Gaydos has spent many years surveying patients, and she highlighted that "the lay public does not know that they can get this" type of rapid STI testing. She said awareness campaigns might be beneficial, including advertising online and in newspapers and even directly to consumers in television ads and social media, as well as targeting professional organizations.

The testing will also likely be somewhat expensive initially, in part because of the cost of the disposable cartridge, Gaydos said, and this might make the testing less useful for resource-poor settings.

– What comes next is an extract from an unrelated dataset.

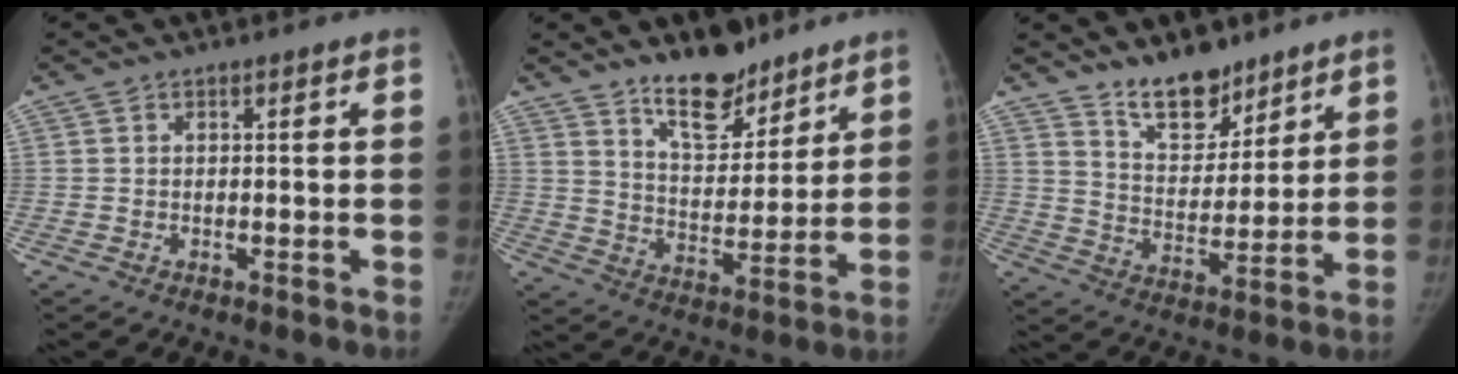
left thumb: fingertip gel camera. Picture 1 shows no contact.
{"total": 12.1, "force": [9.3, 5.3, 5.6], "torque": [-0.056, -0.074, 0.161]}
{"total": 11.0, "force": [8.7, 5.1, 4.4], "torque": [-0.040, -0.071, 0.158]}

For these settings, public health pricing or support from a non-profit like the Gates Foundation might help defray the cost.

Jeff Luber, CEO of Binx, said in an interview that Binx intends to place its instruments for free, and the cartridges can be manufactured "in the single digits at scale."  

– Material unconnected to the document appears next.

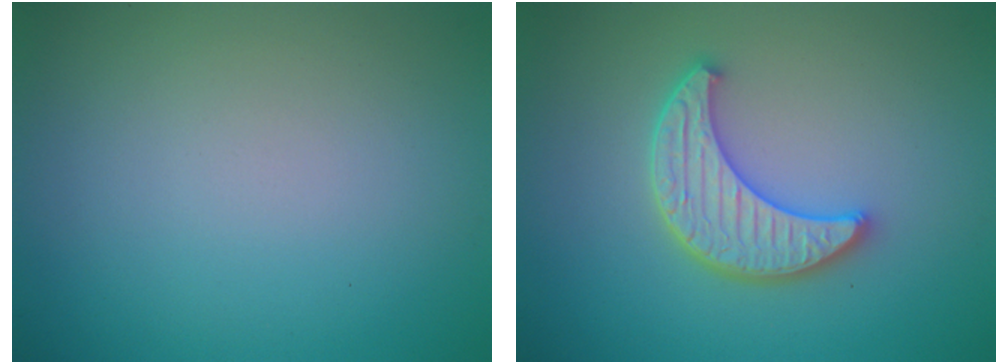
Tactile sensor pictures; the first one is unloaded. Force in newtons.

The reimbursement rates for molecular CT/NG testing enable "a lot of margin" for the product, Luber also said, citing a Medicare and Medicaid reimbursement rate of $78. Experts the company has consulted tell it the CPT code already used for molecular CT/NG testing can be used for the POC testing.

For marketing, Binx is actually taking a different approach than might be expected.

"Our go-to-market strategy is not through direct-to-consumer advertising or building a large sales force," Luber said. "We're going after large partners who are having an increasing footprint in healthcare," he said, such as retail pharmacies and institutions that invest in women's health and sexual wellness. 

The firm also plans to license out the technology to companies with women's health sales forces, particularly ones marketing non-invasive prenatal testing and carrier screening who want to "put more products in the bags of those salespeople." Binx is looking for an exclusive partner for the io in OB/GYN and fertility clinics, Luber said. "We do think the power will come from a single, high-quality partner that's looking to have an exclusive advantage in the market," he said.

So, rather than building a sales team, the firm will keep a senior corporate development and medical liaison team, primarily focused on developing partnerships.

In terms of competition, Luber said that the market opportunity is in the realm of $10 billion, so, "There's plenty of opportunity for all." But, he said he thinks Binx will maintain its first-to-market leadership advantage because its cartridge has such high ability to multiplex.

The firm will soon validate a 30-minute molecular trichomonas test, he said, and is also developing a M. genitalium test, but whether these will be made into a small panel or individual tests will depend on the market demand.